Work request >> Each entry is to be given again exactly; drop the images.

Stored dataset items:
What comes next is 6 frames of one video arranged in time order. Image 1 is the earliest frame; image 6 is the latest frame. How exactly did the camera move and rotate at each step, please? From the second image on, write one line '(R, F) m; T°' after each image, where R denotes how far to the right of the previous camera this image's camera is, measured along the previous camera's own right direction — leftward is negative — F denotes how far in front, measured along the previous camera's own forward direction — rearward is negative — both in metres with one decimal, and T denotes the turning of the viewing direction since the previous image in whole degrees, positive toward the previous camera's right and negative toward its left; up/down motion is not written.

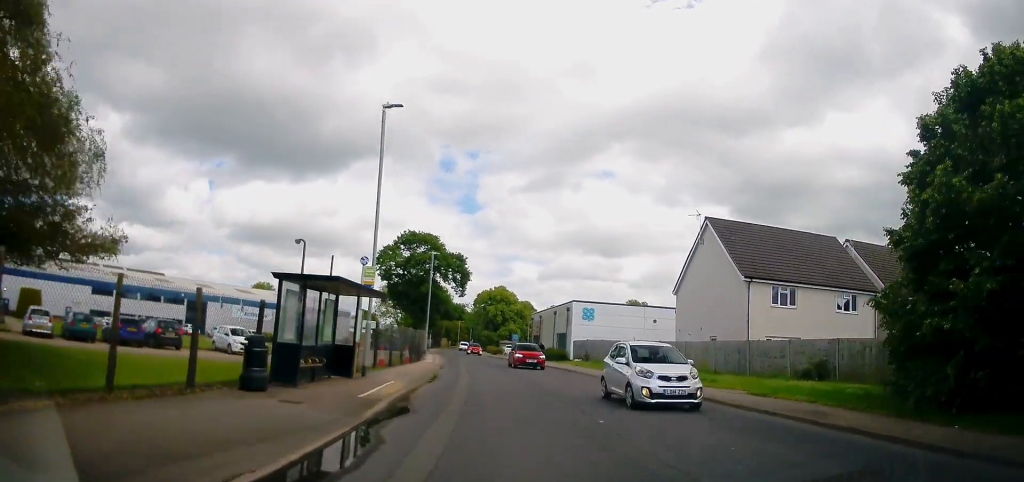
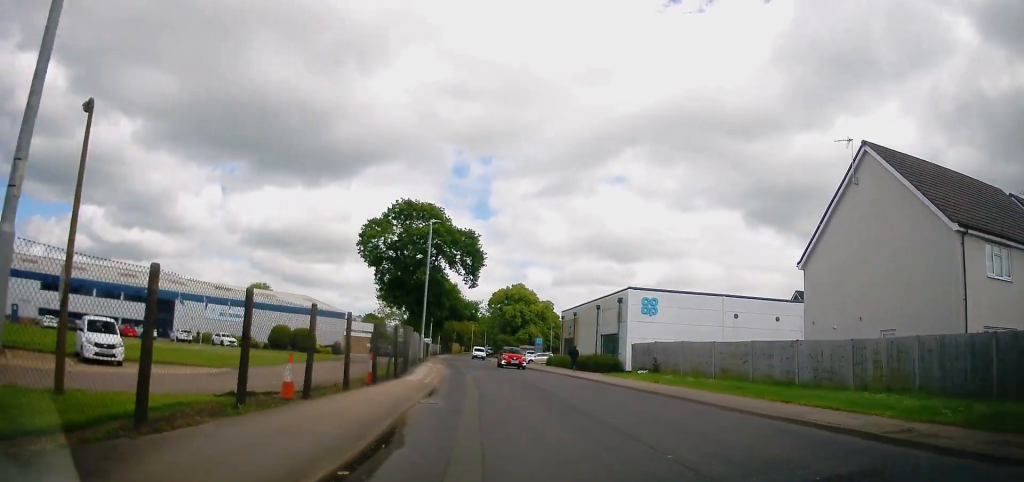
(+0.5, +14.6) m; 0°
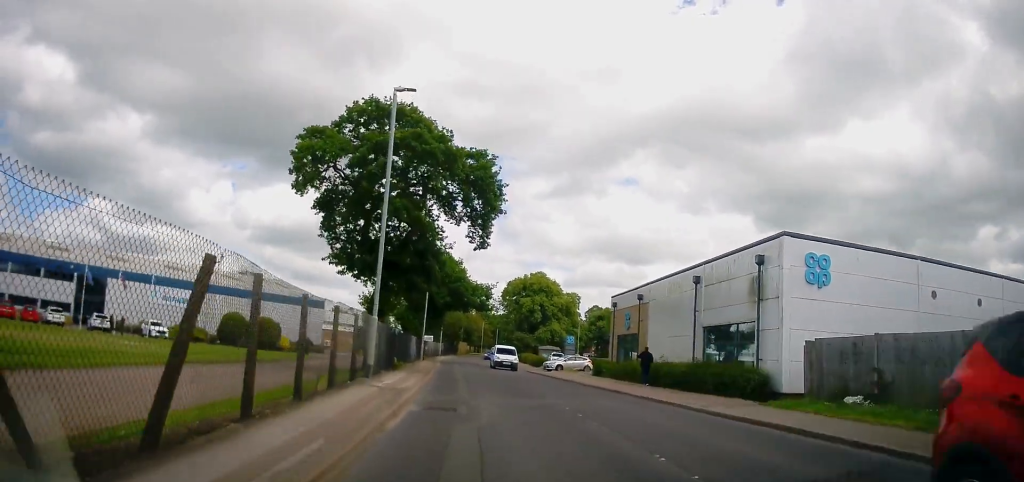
(-0.9, +18.5) m; -2°
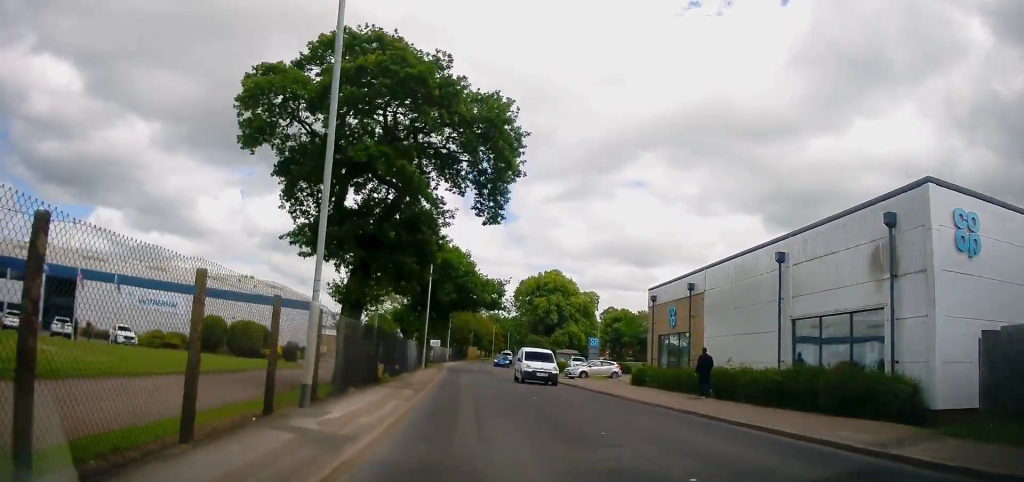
(0.0, +6.9) m; +1°
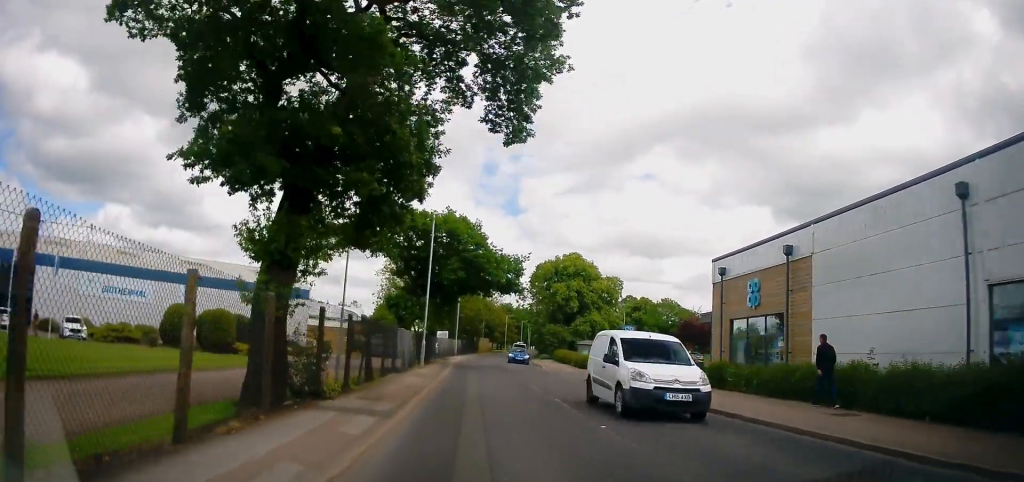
(+0.5, +8.3) m; -2°
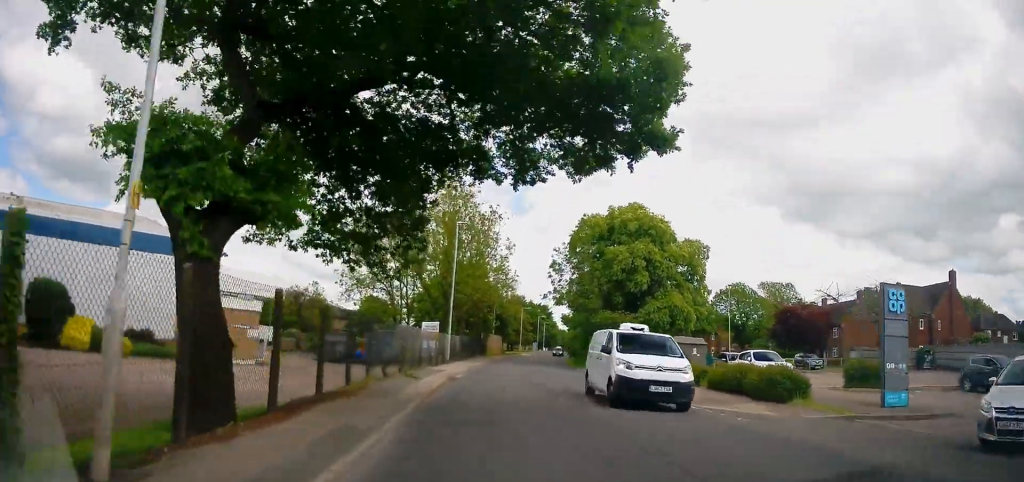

Answer space >>
What comes next is 6 frames of one video arranged in time order. Image 1 is the earliest frame; image 6 is the latest frame. How exactly did the camera move and rotate at each step, please? From the second image on, write one line '(R, F) m; T°' after each image, where R denotes how far to the right of the previous camera this image's camera is, measured along the previous camera's own right direction — leftward is negative — F denotes how far in front, measured along the previous camera's own forward direction — rearward is negative — both in metres with one decimal, and T denotes the turning of the viewing direction since the previous image in whole degrees, positive toward the previous camera's right and negative toward its left; up/down motion is not written.

(+0.5, +14.6) m; 0°
(-0.9, +18.5) m; -2°
(0.0, +6.9) m; +1°
(+0.5, +8.3) m; -2°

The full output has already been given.